DIRECTIONS
Reproduce the records below in full and exactly, without their images.

○ ○ ○ ○

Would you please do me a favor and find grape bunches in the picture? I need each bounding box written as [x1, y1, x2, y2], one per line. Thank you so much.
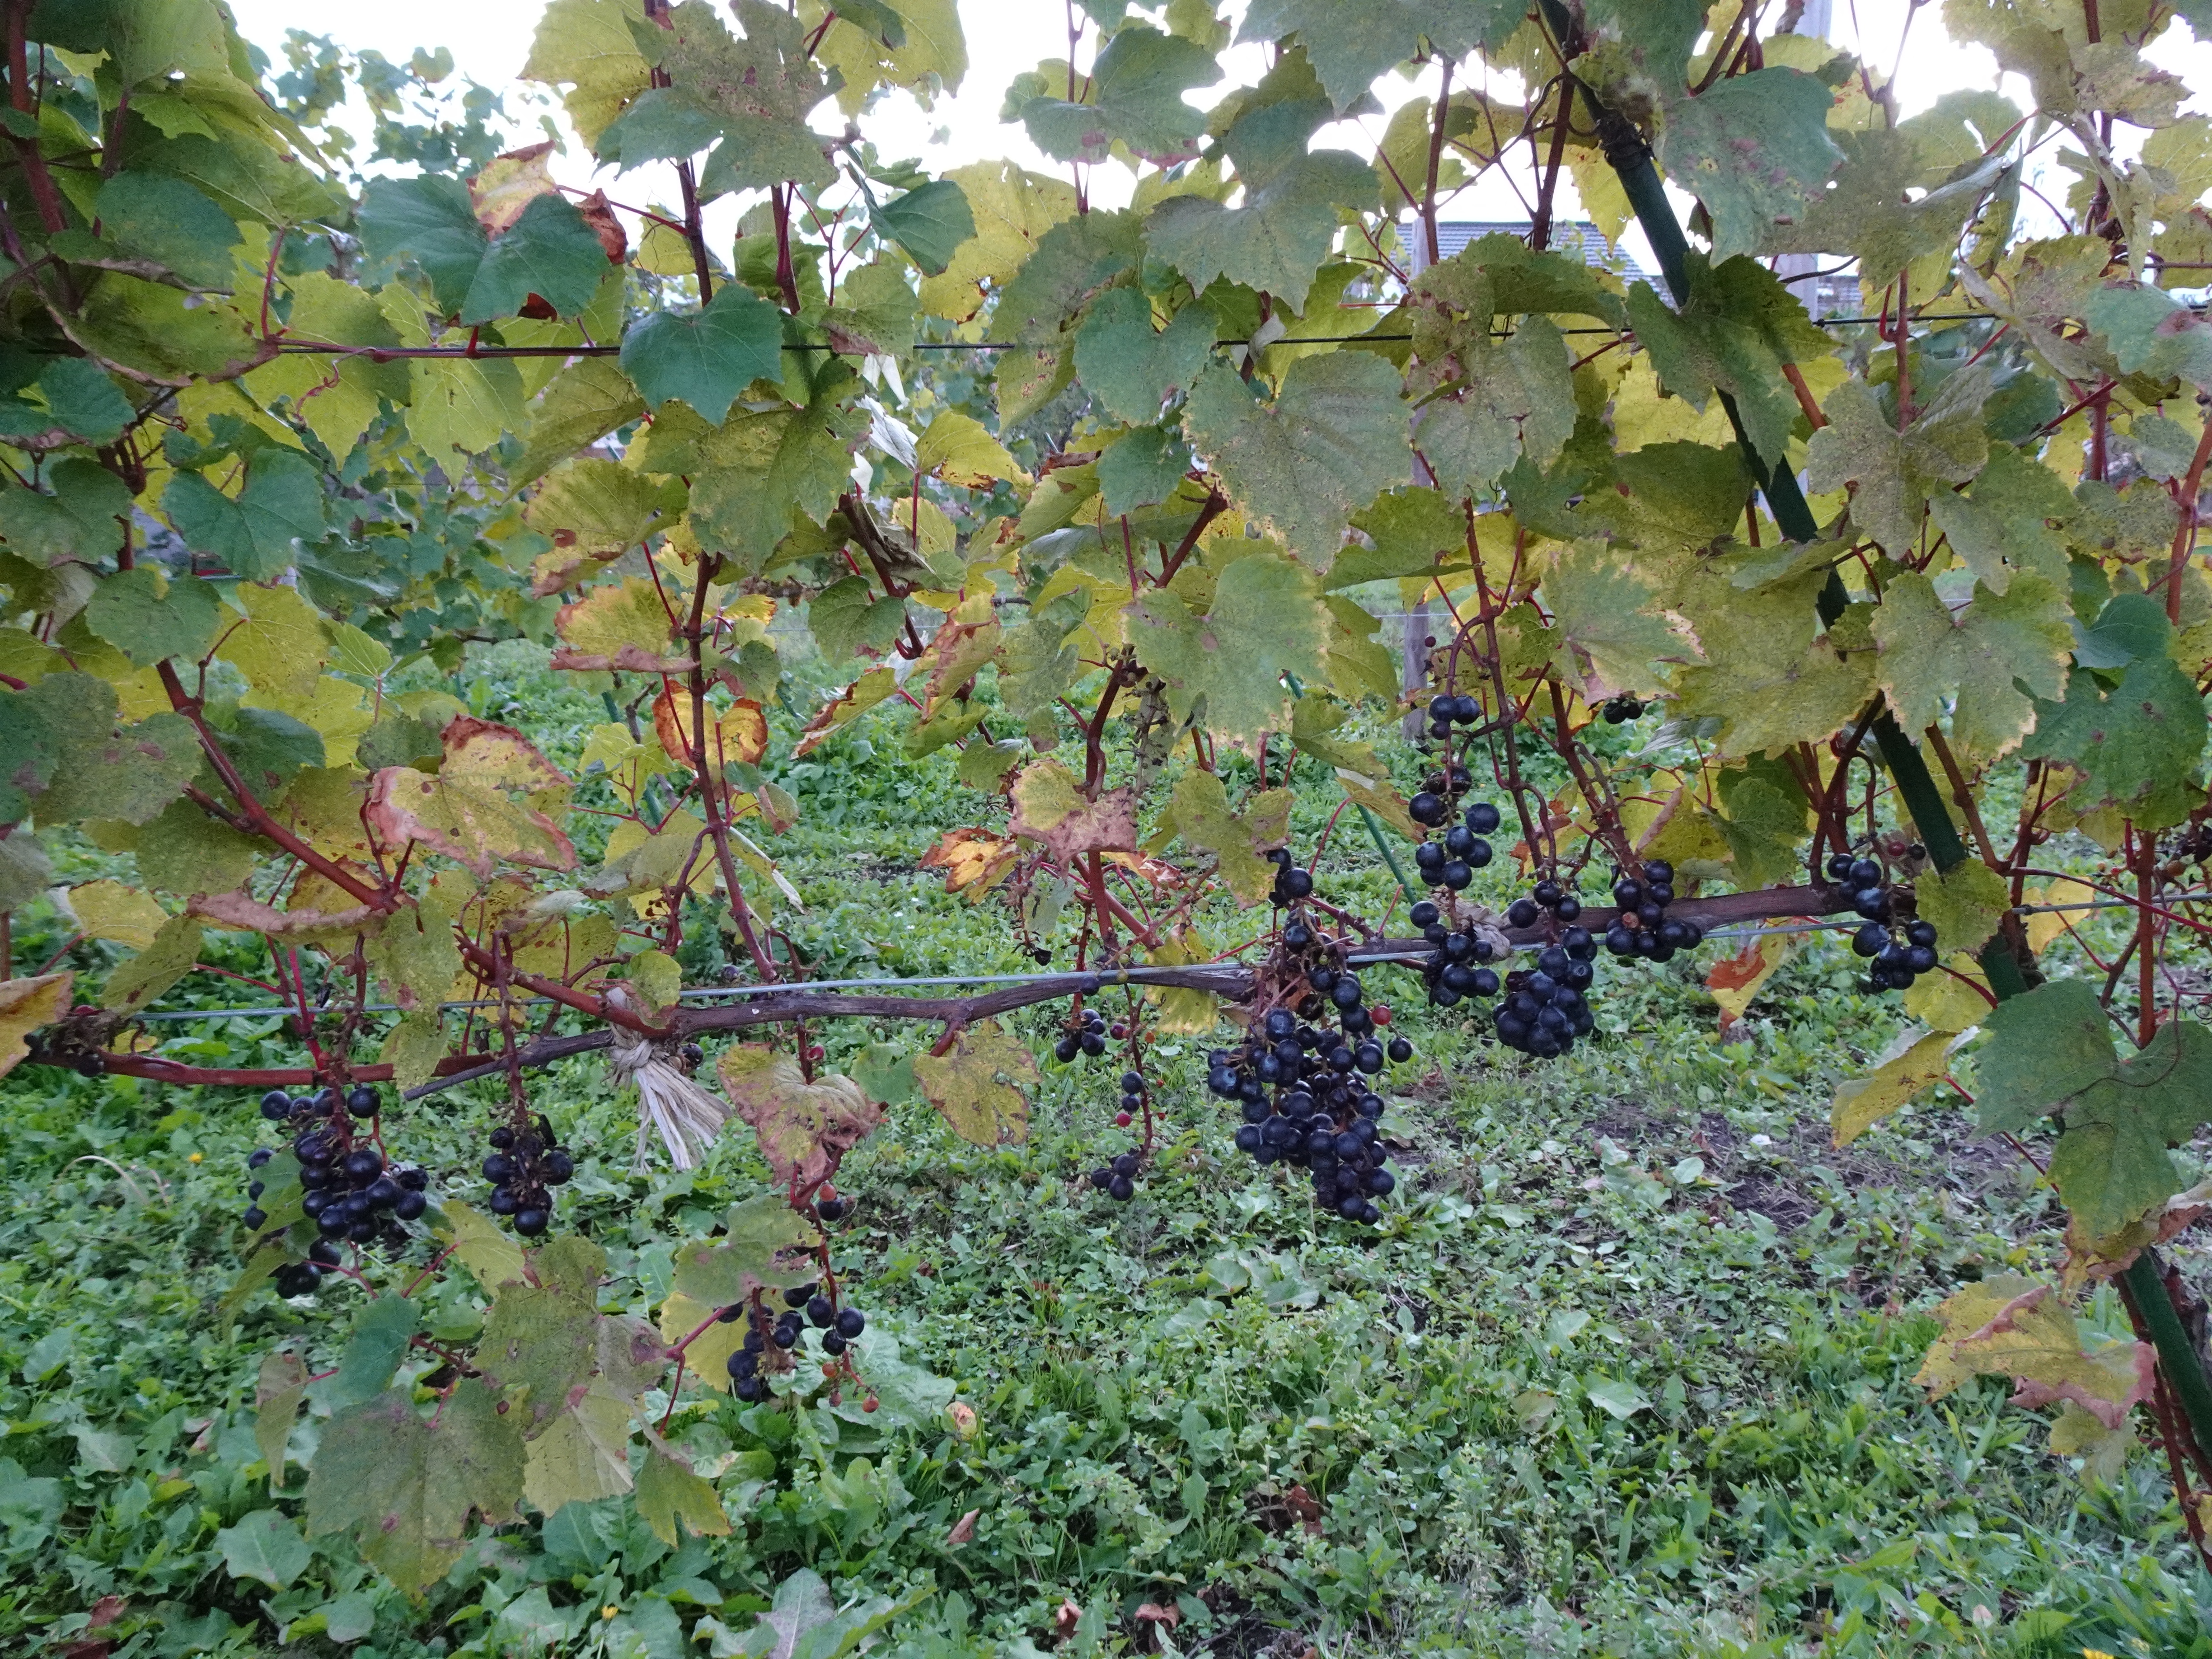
[261, 1082, 429, 1249]
[1826, 831, 1934, 995]
[1090, 1026, 1165, 1201]
[666, 1038, 712, 1079]
[1405, 902, 1503, 1013]
[1205, 1012, 1316, 1107]
[480, 1124, 574, 1239]
[1263, 849, 1413, 1074]
[731, 570, 819, 614]
[1493, 881, 1598, 1060]
[1604, 857, 1702, 962]
[730, 1305, 807, 1404]
[1822, 720, 1885, 774]
[1052, 1005, 1106, 1062]
[1593, 690, 1657, 728]
[785, 1195, 887, 1418]
[22, 1018, 111, 1077]
[1079, 942, 1138, 998]
[1235, 1073, 1396, 1227]
[246, 1153, 349, 1305]
[1405, 693, 1502, 893]
[869, 559, 918, 615]
[2160, 816, 2212, 889]
[186, 1556, 302, 1617]

○ ○ ○ ○

PROBLEM SOLUTION
Would you please do me a favor and find grape bunches in the picture? I need each bounding box written as [x1, y1, x2, y2], one per line. Thank you so much.
[261, 1082, 429, 1249]
[1826, 831, 1934, 995]
[1090, 1026, 1165, 1201]
[666, 1038, 712, 1079]
[1405, 902, 1503, 1013]
[1205, 1012, 1316, 1107]
[480, 1124, 574, 1239]
[1263, 849, 1413, 1074]
[731, 570, 819, 614]
[1493, 881, 1598, 1060]
[1604, 857, 1702, 962]
[730, 1305, 807, 1404]
[1822, 720, 1885, 774]
[1052, 1005, 1106, 1062]
[1593, 690, 1657, 728]
[785, 1195, 887, 1418]
[22, 1018, 111, 1077]
[1079, 942, 1138, 998]
[1235, 1073, 1396, 1227]
[246, 1153, 349, 1305]
[1405, 693, 1502, 893]
[869, 559, 918, 615]
[2160, 816, 2212, 889]
[186, 1556, 302, 1617]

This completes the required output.